***** Data for processing *****

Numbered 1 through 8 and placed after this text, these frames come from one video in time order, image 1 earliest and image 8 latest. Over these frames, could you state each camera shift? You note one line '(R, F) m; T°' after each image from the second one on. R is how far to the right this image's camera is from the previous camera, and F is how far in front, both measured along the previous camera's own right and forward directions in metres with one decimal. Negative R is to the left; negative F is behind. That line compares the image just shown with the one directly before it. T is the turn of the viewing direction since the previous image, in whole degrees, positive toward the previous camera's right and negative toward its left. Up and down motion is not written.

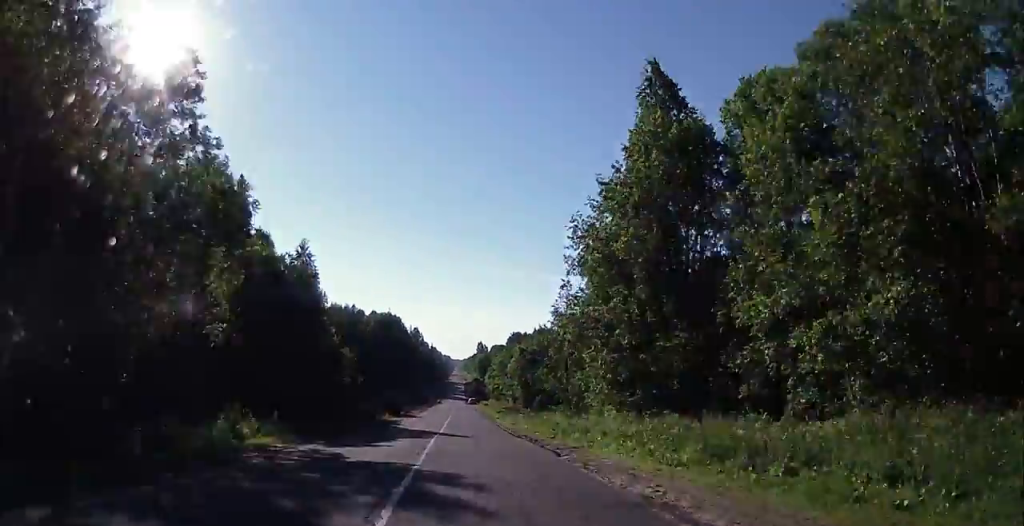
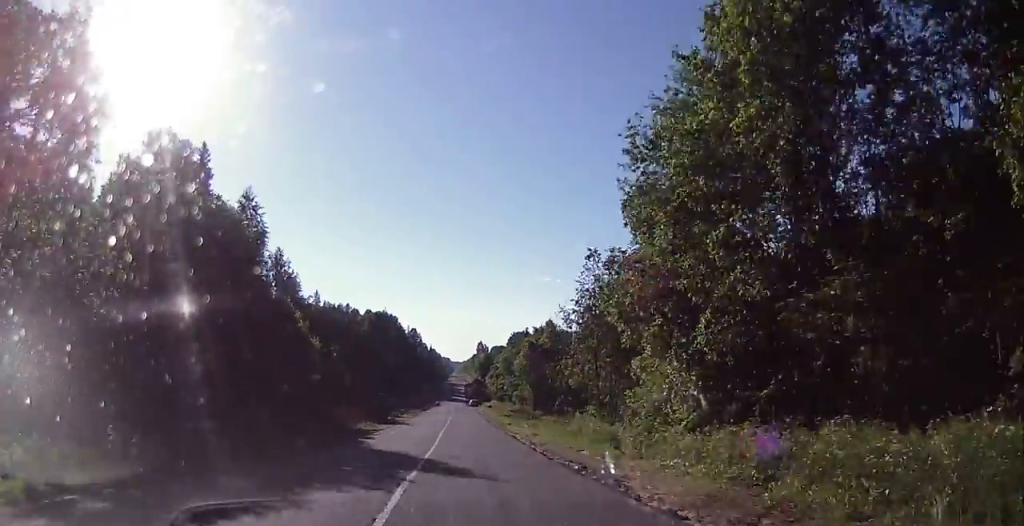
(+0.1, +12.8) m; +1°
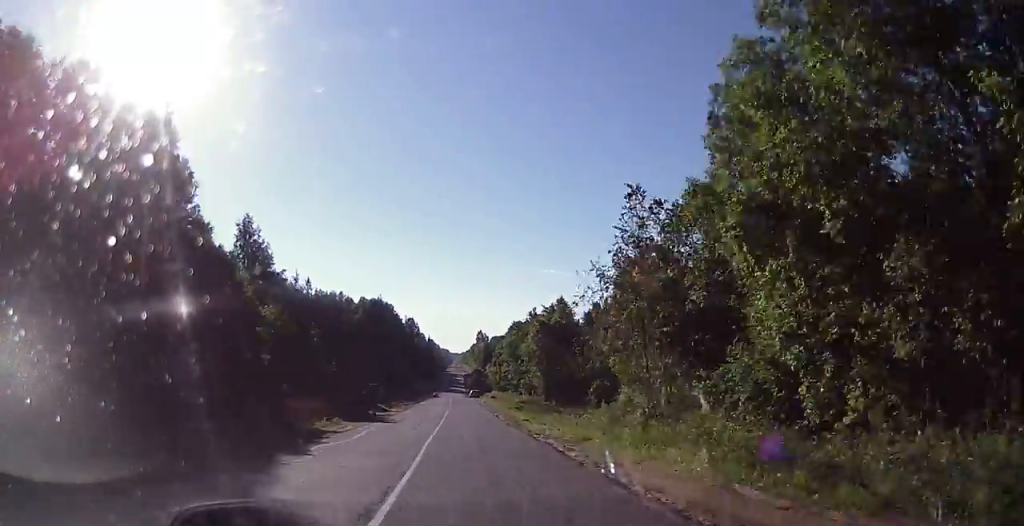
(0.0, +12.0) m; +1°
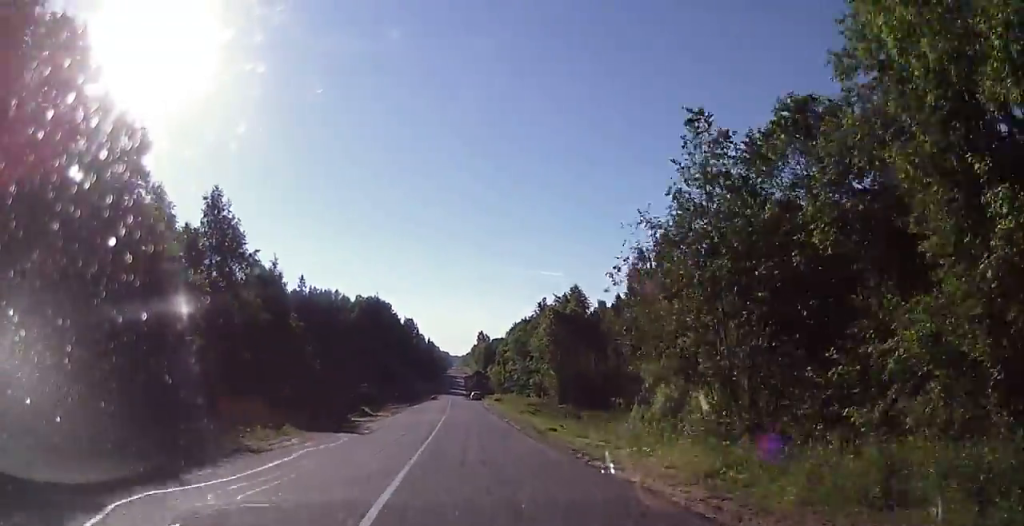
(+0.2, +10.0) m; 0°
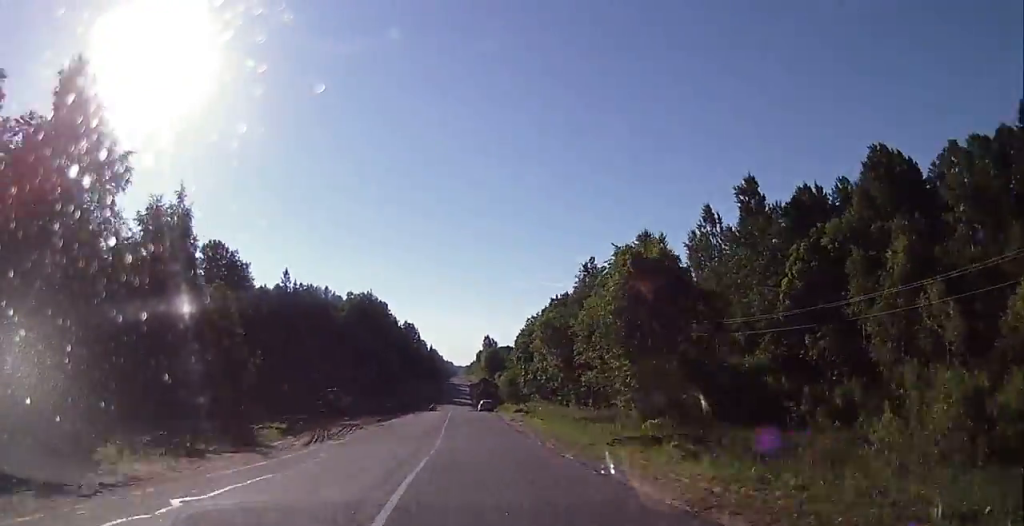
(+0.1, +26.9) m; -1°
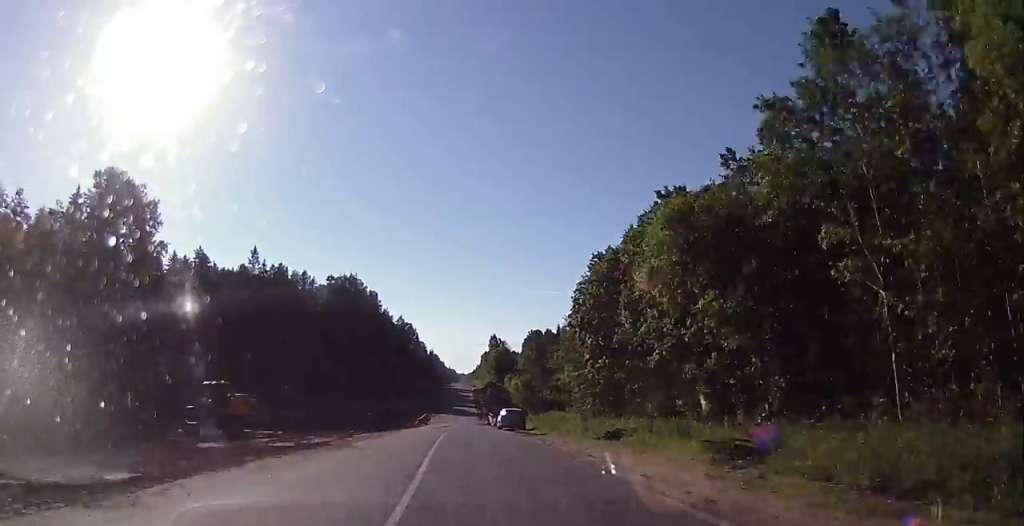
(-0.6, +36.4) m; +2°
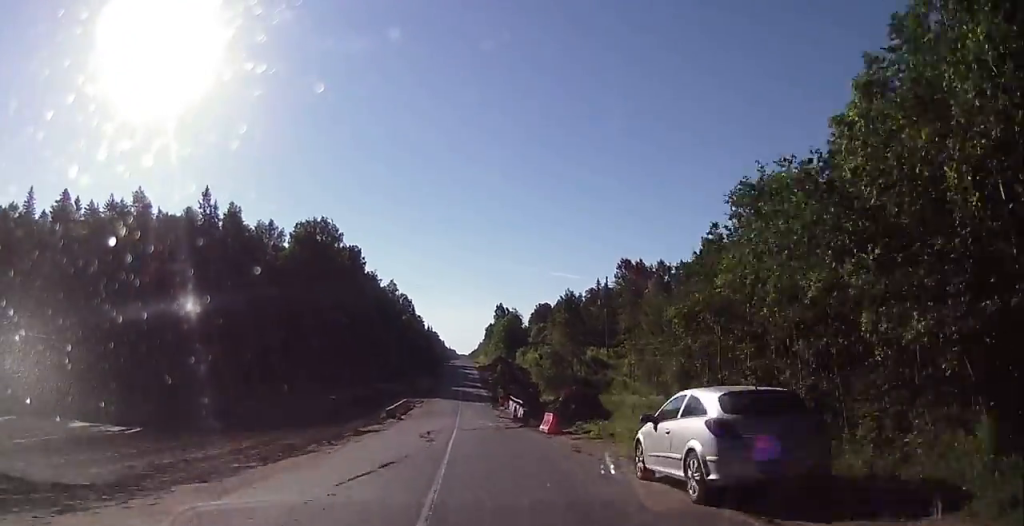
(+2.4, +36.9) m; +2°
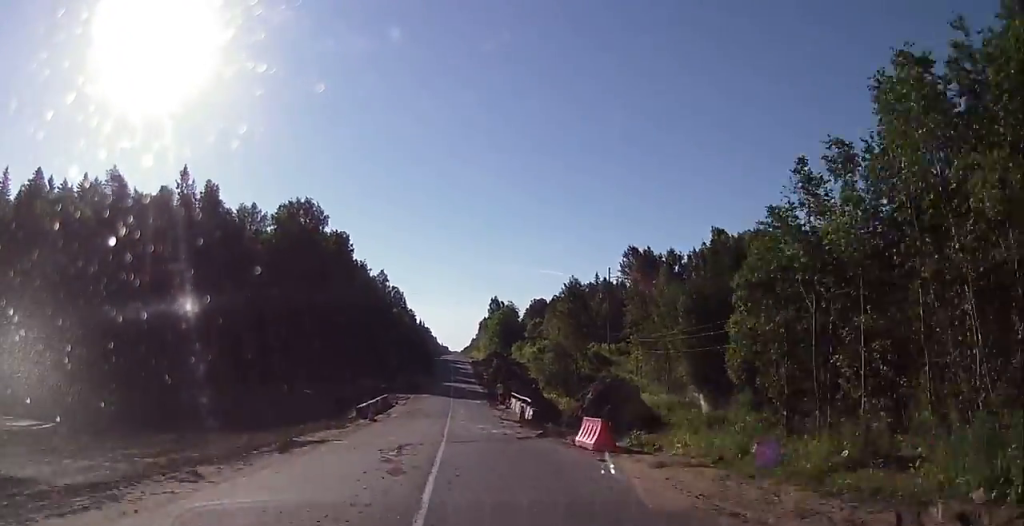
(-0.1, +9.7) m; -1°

*****

The task:
With the images left out, set down each record exactly as it appears.

Task answer:
Numbered 1 through 8 and placed after this text, these frames come from one video in time order, image 1 earliest and image 8 latest. Over these frames, could you state each camera shift? You note one line '(R, F) m; T°' after each image from the second one on. R is how far to the right this image's camera is from the previous camera, and F is how far in front, both measured along the previous camera's own right and forward directions in metres with one decimal. Negative R is to the left; negative F is behind. That line compares the image just shown with the one directly before it. T is the turn of the viewing direction since the previous image, in whole degrees, positive toward the previous camera's right and negative toward its left. Up and down motion is not written.

(+0.1, +12.8) m; +1°
(0.0, +12.0) m; +1°
(+0.2, +10.0) m; 0°
(+0.1, +26.9) m; -1°
(-0.6, +36.4) m; +2°
(+2.4, +36.9) m; +2°
(-0.1, +9.7) m; -1°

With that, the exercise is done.